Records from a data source
--------------------------------------------------
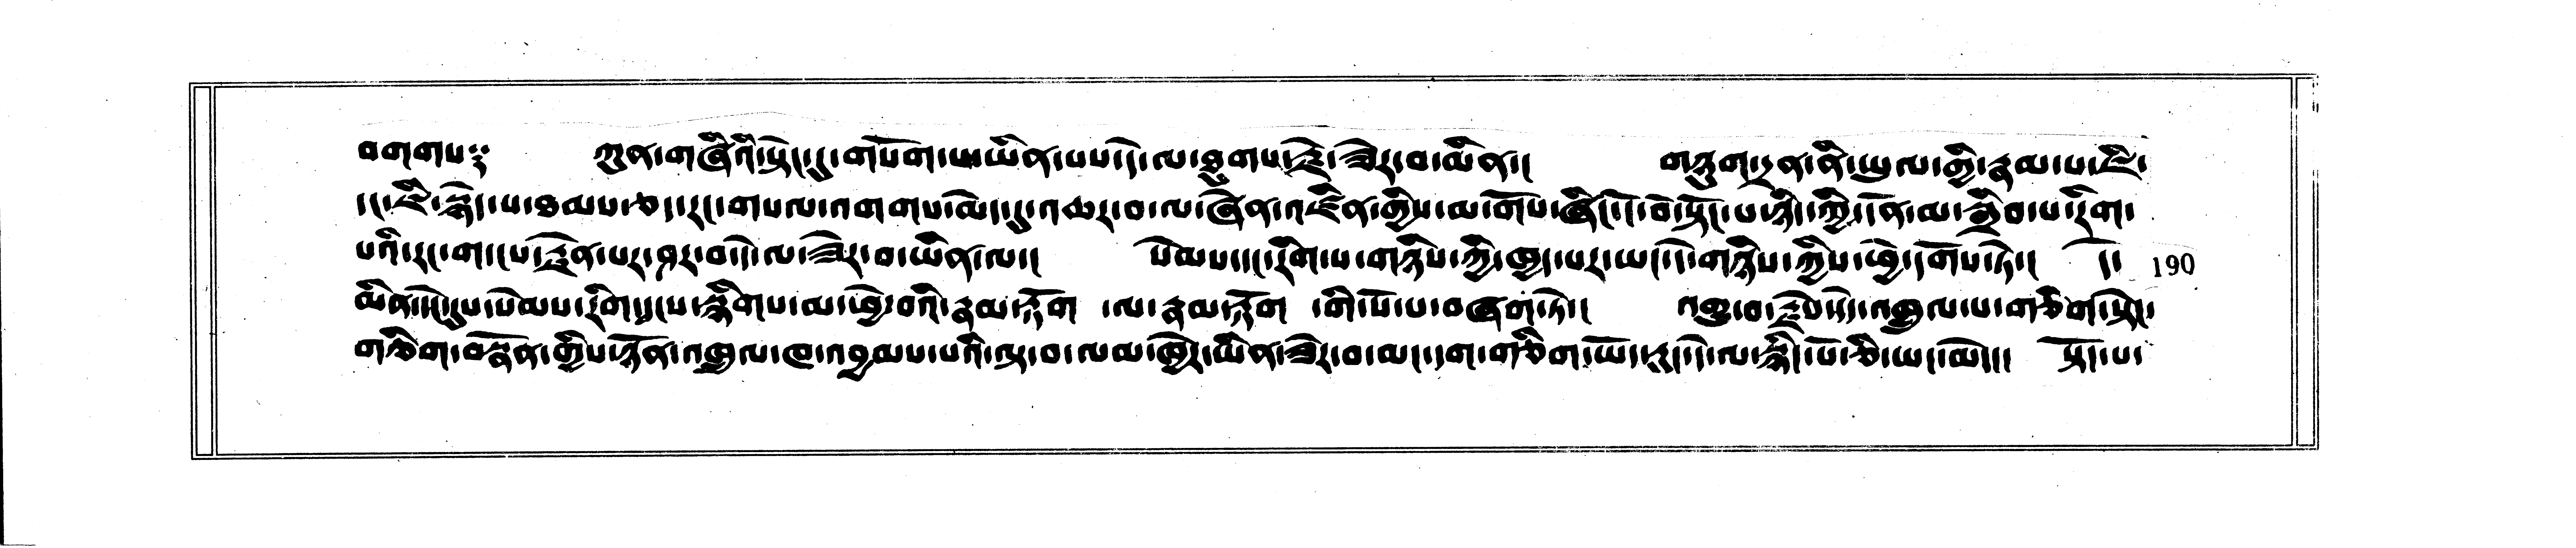བག་ཆགས་ཀུན་གཞིའི་སྟེང་དུ་གསོག་པ་ཡིན་པས། དེ་ལ་ཐུགས་རྗེ་ཟེར་བ་མིན། གཉུག་དྲན་ནི་ཡུལ་གྱི་རྣམ་པ་ཇི་
དང་ཇི་སྙེད་པ་ཐམས་ཅད་རང་གསལ་འགག་མེད་དུ་འཆར་བ་ལ་ཞེན་འཛིན་གྱིས་མ་གོས་ཤིང་ངོ་བོ་སྟོང་པ་ཉིད་ཀྱི་དོན་མ་བསྒྲིབས་པ་རིག་
པའི་རང་གདངས་རྗེན་པར་ཤར་བ་དེ་ལ་ཟེར་བ་ཡིན་ལ། སེམས་དང་རིག་པ་གཉིས་ཀྱི་ཁྱད་པར་ཡང་དེ་གཉིས་ཀྱིས་ཕྱེ་དགོས་ཏེ། དེ་
མིན་དེང་དུས་སེམས་རིག་དངས་སྙིགས་མ་ཕྱེ་བའི་རྣམ་རྟོག་ལ་རྣམ་རྟོག་གི་སོ་བ་བཞག་སྟེ། འགྱུ་བ་རྗེས་དེད་འཁྲུལ་པ་གཅིག་སྟེང་
གཅིག་སྣོན་གྱིས་ཉོན་འཁྲུལ་ཁ་འབྱམས་པའི་ལྟ་བ་ལམ་ཁྱེར་ཡིན་ཟེར་བ་མང་དག་ཅིག་ཡོད་རུང་དེ་ལ་སྙིང་པོ་ཅི་ཡང་མེད། སྟོང་པ་
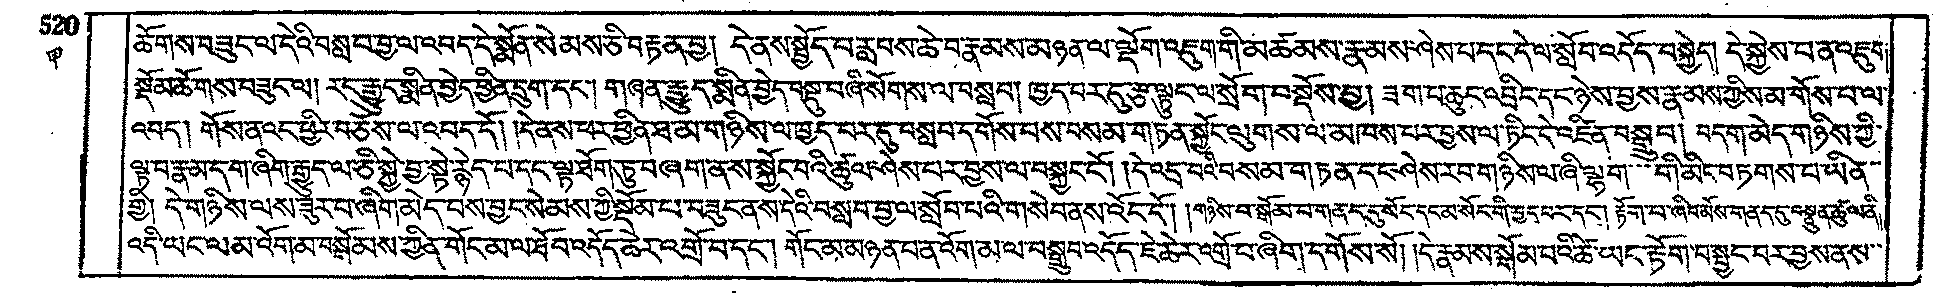ཆོ་གས་བཟུང་ལ་དེའི་བསླབ་བྱ་ལ་འབད་དེ་སྨོན་སེམས་ཅི་བརྟན་བྱ། དེ་ནས་སྤྱོད་པ་རླབས་ཆེ་བ་རྣམས་མཉན་ལ་ལྡོག་འཇུག་གི་མཚམས་རྣམས་ཤེས་པ་དང་དེ་ལ་སློབ་འདོད་བསྐྱེད། དེ་སྐྱེས་པ་ན་འཇུག་
སྡོམ་ཆོ་གས་བཟུང་ལ། རང་རྒྱུད་སྨིན་བྱེད་ཕྱིན་དྲུག་དང་། གཞན་རྒྱུད་སྨིན་བྱེད་བསྡུ་བཞི་སོགས་ལ་བསླབ། ཁྱད་པར་དུ་རྩ་ལྟུང་ལ་སྲོག་བསྡོས་བྱ། ཟག་པ་ཆུང་འབྲིང་དང་ཉེས་བྱས་རྣམས་ཀྱིས་མ་གོས་པ་ལ་
འབད། གོས་ནའང་ཕྱིར་བཅོས་ལ་འབད་དོ། །དེ་ནས་ཕར་ཕྱིན་ཐ་མ་གཉིས་ལ་ཁྱད་པར་དུ་བསླབ་དགོས་པས་བསམ་གཏན་སྐྱོང་ལུགས་ལ་མཁས་པར་བྱས་ལ་ཏིང་ངེ་འཛིན་བསྒྲུབ། བདག་མེད་གཉིས་ཀྱི་
ལྟ་བ་རྣམ་དག་ཞིག་རྒྱུད་ལ་ཅི་སྐྱེ་བྱ་སྟེ་རྙེད་པ་དང་ལྟ་ཐོག་ཏུ་བཞག་ནས་སྐྱོང་བའི་ཚུལ་ཤེས་པར་བྱས་ལ་བསྐྱང་ངོ། །དེ་འདྲ་བའི་བསམ་གཏན་དང་ཤེས་རབ་གཉིས་ལ་ཞི་ལྷགྒི་མིང་བཏགས་པ་ཡིན་
གྱི། དེ་གཉིས་ལས་ཟུར་པ་ཞིག་མེད་པས་བྱང་སེམས་ཀྱི་སྡོམ་པ་བཟུང་ནས་དེའི་བསླབ་བྱ་ལ་སློབ་པའི་གསེབ་ནས་འོང་ངོ། །གཉིས་པ་སྒོམ་པ་གནད་དུ་སོང་དང་མ་སོང་གི་ཁྱད་པར་དང་། རྟོག་པ་ཞིབ་མོས་གནད་དུ་བསྣུན་ཚུལ་ནི།
འདི་ཡང་ལམ་འོག་མ་བསྒོམས་ཀྱིན་གོང་མ་ལ་ཐོབ་འདོད་ཆེར་འགྲོ་བ་དང་། གོང་མ་མཉན་པ་ན་འོག་མ་ལ་བསྒྲུབ་འདོད་ཇེ་ཆེར་འགྲོ་བ་ཞིག་དགོས་སོ། །དེ་རྣམས་སྒོམ་པའི་ཚེ་ཡང་རྟོག་པ་སྤྱང་བར་བྱས་ནས་
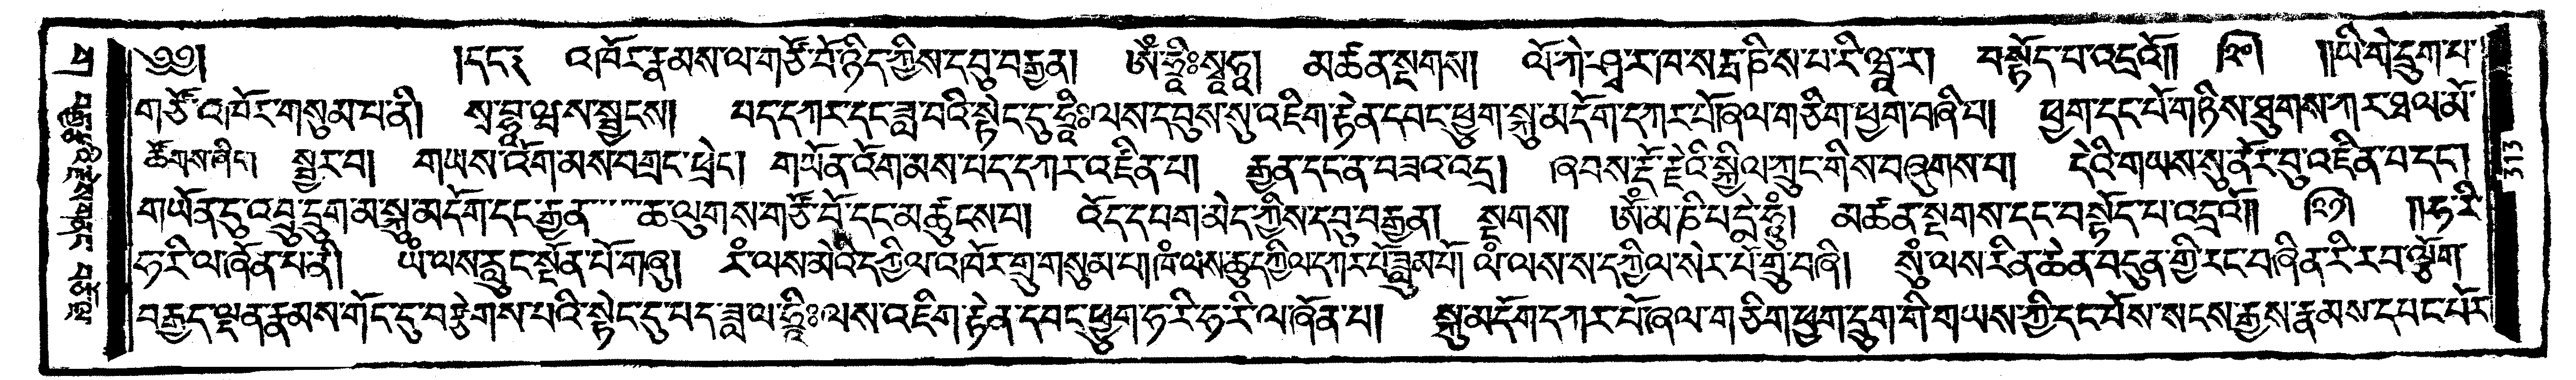༄༅། །དང༑ འཁོར་རྣམས་ལ་གཙོ་བོ་ཉིད་ཀྱིས་དབུ་བརྒྱན། ཨོཾ་ཧྲཱིཿསྭཱཧཱ། མཚན་སྔགས། ལོ་ཀེ་ཤྭ་ར་ཁ་སརྦ་ཎི་ས་པ་རི་ཝཱ་ར། བསྟོད་པ་འདྲའོ།། ༢༠?་།།ཡི་གེ་དྲུག་པ་
གཙོ་འཁོར་གསུམ་པ་ནི། སྭ་བྷཱ་ཝས་སྦྱངས། པད་དཀར་དང་ཟླ་བའི་སྟེང་དུ་ཧྲཱིཿལས་དབུས་སུ་འཇིག་རྟེན་དབང་ཕྱུག་སྐུ་མདོག་དཀར་པོ་ཞལ་གཅིག་ཕྱག་བཞི་པ། ཕྱག་དང་པོ་གཉིས་ཐུགས་ཀར་ཐལ་མོ་
ཚོགས་ཞིང་། སྦྱར་བ། གཡས་འོག་མས་བགྲང་ཕྲེང་། གཡོན་འོག་མས་པད་དཀར་འཛིན་པ། རྒྱན་དང་ན་བཟའ་འདྲ། ཞབས་རྡོ་རྗེའི་སྐྱིལ་ཀྲུང་གིས་བཞུགས་པ། དེའི་གཡས་སུ་ནོར་བུ་འཛིན་པ་དང་།
གཡོན་དུ་འབྲུ་དྲུག་མ་སྐུ་མདོག་དང་རྒྱན་ཆ་ལུགས་གཙོ་བོ་དང་མཚུངས་བ། འོད་དཔག་མེད་ཀྱིས་དབུ་བརྒྱན། སྔགས། ཨོཾ་མ་ཎི་པདམེ་ཧཱུཾ། མཚན་སྔགས་དང་བསྟོད་པ་འདྲའོ།། ༢༡?་།།ཧ་རི་
ཧ་རི་ལ་ཞོན་པ་ནི། ཡཾ་ལས་རླུང་སྔོན་པོ་གཞུ། རཾ་ལས་མེའི་དཀྱིལ་འཁོར་གྲུ་གསུམ་པ། ཁཾ་ལས་ཆུ་དཀྱིལ་དཀར་པོ་ཟླུམ་པོ། ལཾ་ལས་ས་དཀྱིལ་སེར་པོ་གྲུ་བཞི། སུཾ་ལས་རིན་ཆེན་བདུན་གྱི་རང་བཞིན་རི་རབ་ལྕོག་
བརྒྱད་ལྡན་རྣམས་གོང་དུ་བརྩེགས་པའི་སྟེང་དུ་པད་ཟླ་ལ་ཧྲཱིཿལས་འཇིག་རྟེན་དབང་ཕྱུག་ཧ་རི་ཧ་རི་ལ་ཞོན་པ། སྐུ་མདོག་དཀར་པོ་ཞལ་གཅིག་ཕྱག་དྲུག་གི་གཡས་ཀྱི་དང་པོས་སངས་རྒྱས་རྣམས་དཔང་པོར་
--------------------------------------------------
__Task__
From the first line to the last, retype the entries above exactly, minus the pictures.

__Your response__
བག་ཆགས་ཀུན་གཞིའི་སྟེང་དུ་གསོག་པ་ཡིན་པས། དེ་ལ་ཐུགས་རྗེ་ཟེར་བ་མིན། གཉུག་དྲན་ནི་ཡུལ་གྱི་རྣམ་པ་ཇི་
དང་ཇི་སྙེད་པ་ཐམས་ཅད་རང་གསལ་འགག་མེད་དུ་འཆར་བ་ལ་ཞེན་འཛིན་གྱིས་མ་གོས་ཤིང་ངོ་བོ་སྟོང་པ་ཉིད་ཀྱི་དོན་མ་བསྒྲིབས་པ་རིག་
པའི་རང་གདངས་རྗེན་པར་ཤར་བ་དེ་ལ་ཟེར་བ་ཡིན་ལ། སེམས་དང་རིག་པ་གཉིས་ཀྱི་ཁྱད་པར་ཡང་དེ་གཉིས་ཀྱིས་ཕྱེ་དགོས་ཏེ། དེ་
མིན་དེང་དུས་སེམས་རིག་དངས་སྙིགས་མ་ཕྱེ་བའི་རྣམ་རྟོག་ལ་རྣམ་རྟོག་གི་སོ་བ་བཞག་སྟེ། འགྱུ་བ་རྗེས་དེད་འཁྲུལ་པ་གཅིག་སྟེང་
གཅིག་སྣོན་གྱིས་ཉོན་འཁྲུལ་ཁ་འབྱམས་པའི་ལྟ་བ་ལམ་ཁྱེར་ཡིན་ཟེར་བ་མང་དག་ཅིག་ཡོད་རུང་དེ་ལ་སྙིང་པོ་ཅི་ཡང་མེད། སྟོང་པ་
ཆོ་གས་བཟུང་ལ་དེའི་བསླབ་བྱ་ལ་འབད་དེ་སྨོན་སེམས་ཅི་བརྟན་བྱ། དེ་ནས་སྤྱོད་པ་རླབས་ཆེ་བ་རྣམས་མཉན་ལ་ལྡོག་འཇུག་གི་མཚམས་རྣམས་ཤེས་པ་དང་དེ་ལ་སློབ་འདོད་བསྐྱེད། དེ་སྐྱེས་པ་ན་འཇུག་
སྡོམ་ཆོ་གས་བཟུང་ལ། རང་རྒྱུད་སྨིན་བྱེད་ཕྱིན་དྲུག་དང་། གཞན་རྒྱུད་སྨིན་བྱེད་བསྡུ་བཞི་སོགས་ལ་བསླབ། ཁྱད་པར་དུ་རྩ་ལྟུང་ལ་སྲོག་བསྡོས་བྱ། ཟག་པ་ཆུང་འབྲིང་དང་ཉེས་བྱས་རྣམས་ཀྱིས་མ་གོས་པ་ལ་
འབད། གོས་ནའང་ཕྱིར་བཅོས་ལ་འབད་དོ། །དེ་ནས་ཕར་ཕྱིན་ཐ་མ་གཉིས་ལ་ཁྱད་པར་དུ་བསླབ་དགོས་པས་བསམ་གཏན་སྐྱོང་ལུགས་ལ་མཁས་པར་བྱས་ལ་ཏིང་ངེ་འཛིན་བསྒྲུབ། བདག་མེད་གཉིས་ཀྱི་
ལྟ་བ་རྣམ་དག་ཞིག་རྒྱུད་ལ་ཅི་སྐྱེ་བྱ་སྟེ་རྙེད་པ་དང་ལྟ་ཐོག་ཏུ་བཞག་ནས་སྐྱོང་བའི་ཚུལ་ཤེས་པར་བྱས་ལ་བསྐྱང་ངོ། །དེ་འདྲ་བའི་བསམ་གཏན་དང་ཤེས་རབ་གཉིས་ལ་ཞི་ལྷགྒི་མིང་བཏགས་པ་ཡིན་
གྱི། དེ་གཉིས་ལས་ཟུར་པ་ཞིག་མེད་པས་བྱང་སེམས་ཀྱི་སྡོམ་པ་བཟུང་ནས་དེའི་བསླབ་བྱ་ལ་སློབ་པའི་གསེབ་ནས་འོང་ངོ། །གཉིས་པ་སྒོམ་པ་གནད་དུ་སོང་དང་མ་སོང་གི་ཁྱད་པར་དང་། རྟོག་པ་ཞིབ་མོས་གནད་དུ་བསྣུན་ཚུལ་ནི།
འདི་ཡང་ལམ་འོག་མ་བསྒོམས་ཀྱིན་གོང་མ་ལ་ཐོབ་འདོད་ཆེར་འགྲོ་བ་དང་། གོང་མ་མཉན་པ་ན་འོག་མ་ལ་བསྒྲུབ་འདོད་ཇེ་ཆེར་འགྲོ་བ་ཞིག་དགོས་སོ། །དེ་རྣམས་སྒོམ་པའི་ཚེ་ཡང་རྟོག་པ་སྤྱང་བར་བྱས་ནས་
༄༅། །དང༑ འཁོར་རྣམས་ལ་གཙོ་བོ་ཉིད་ཀྱིས་དབུ་བརྒྱན། ཨོཾ་ཧྲཱིཿསྭཱཧཱ། མཚན་སྔགས། ལོ་ཀེ་ཤྭ་ར་ཁ་སརྦ་ཎི་ས་པ་རི་ཝཱ་ར། བསྟོད་པ་འདྲའོ།། ༢༠?་།།ཡི་གེ་དྲུག་པ་
གཙོ་འཁོར་གསུམ་པ་ནི། སྭ་བྷཱ་ཝས་སྦྱངས། པད་དཀར་དང་ཟླ་བའི་སྟེང་དུ་ཧྲཱིཿལས་དབུས་སུ་འཇིག་རྟེན་དབང་ཕྱུག་སྐུ་མདོག་དཀར་པོ་ཞལ་གཅིག་ཕྱག་བཞི་པ། ཕྱག་དང་པོ་གཉིས་ཐུགས་ཀར་ཐལ་མོ་
ཚོགས་ཞིང་། སྦྱར་བ། གཡས་འོག་མས་བགྲང་ཕྲེང་། གཡོན་འོག་མས་པད་དཀར་འཛིན་པ། རྒྱན་དང་ན་བཟའ་འདྲ། ཞབས་རྡོ་རྗེའི་སྐྱིལ་ཀྲུང་གིས་བཞུགས་པ། དེའི་གཡས་སུ་ནོར་བུ་འཛིན་པ་དང་།
གཡོན་དུ་འབྲུ་དྲུག་མ་སྐུ་མདོག་དང་རྒྱན་ཆ་ལུགས་གཙོ་བོ་དང་མཚུངས་བ། འོད་དཔག་མེད་ཀྱིས་དབུ་བརྒྱན། སྔགས། ཨོཾ་མ་ཎི་པདམེ་ཧཱུཾ། མཚན་སྔགས་དང་བསྟོད་པ་འདྲའོ།། ༢༡?་།།ཧ་རི་
ཧ་རི་ལ་ཞོན་པ་ནི། ཡཾ་ལས་རླུང་སྔོན་པོ་གཞུ། རཾ་ལས་མེའི་དཀྱིལ་འཁོར་གྲུ་གསུམ་པ། ཁཾ་ལས་ཆུ་དཀྱིལ་དཀར་པོ་ཟླུམ་པོ། ལཾ་ལས་ས་དཀྱིལ་སེར་པོ་གྲུ་བཞི། སུཾ་ལས་རིན་ཆེན་བདུན་གྱི་རང་བཞིན་རི་རབ་ལྕོག་
བརྒྱད་ལྡན་རྣམས་གོང་དུ་བརྩེགས་པའི་སྟེང་དུ་པད་ཟླ་ལ་ཧྲཱིཿལས་འཇིག་རྟེན་དབང་ཕྱུག་ཧ་རི་ཧ་རི་ལ་ཞོན་པ། སྐུ་མདོག་དཀར་པོ་ཞལ་གཅིག་ཕྱག་དྲུག་གི་གཡས་ཀྱི་དང་པོས་སངས་རྒྱས་རྣམས་དཔང་པོར་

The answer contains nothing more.